Design Considerations for Wide Gamut

  • Use wide gamut content where it makes sense
  • Use where vivid colors enhance the user experience
  • No need to change all content to P3
  • Toolchain support makes gradual opt-in of wide gamut content possible

Upgrading Content to Wide Color

Be careful when promoting an existing design file to wide color!

  • Don’t “assign” P3 profile. It just remaps the existing color information into new color space. The colors are stretched, and the design file will be inevitably altered.
  • Convert to P3 instead


Color Specification

When communicating with designers, Be specific about color space!
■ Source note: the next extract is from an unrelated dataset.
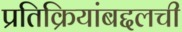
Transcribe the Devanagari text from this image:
प्रतिक्रियांबद्दलची

  • Use Display P3 instead of sRGB when working with wide gamut designs

  • Use floating point for more precision

    P3 (255, 128, 191)
    P3 (1.0, 0.5, 0.75)

Drawing colors

Constructing Wide Gamut Colors

NSColor(displayP3Red: 1.0, green: 0.0, blue: 0.0, alpha: 1.0) 

UIColor(displayP3Red: 1.0, green: 0.0, blue: 0.0, alpha: 1.0)

Constructing Extended Range sRGB Colors

NSColor(red: 1.1, green: -.25, blue: 0.0, alpha: 1.0) 

UIColor(red: 1.1, green: -.25, blue: 0.0, alpha: 1.0)


Optimizing your app’s drawing for wide gamut displays

❌ Don’t use UIGraphicsBeginImageContext. It doesn’t support wider color.

The format for the bitmap is a ARGB 32-bit
integer pixel format using host-byte order

UIGraphicsBeginImageContext not only cannot create contexts with more than 8 bits per color channel, but also cannot represent colors in extended range sRGB. Sadlly, existing interface has no ability to create a context in non-sRGB color space.

So, they introduce UIGraphicsImageRenderer(size: CGSize)


let renderer = UIGraphicsImageRenderer(size: CGSize(width: 250, height: 250))
let image = renderer.image { rendererContext in
let bounds = rendererContext.format.bounds
let rects = bounds.divided(atDistance: bounds.size.width/2, from: .minXEdge)

UIColor(displayP3Red: 1.0, green: 0.0, blue: 1.0, alpha: 1.0).set()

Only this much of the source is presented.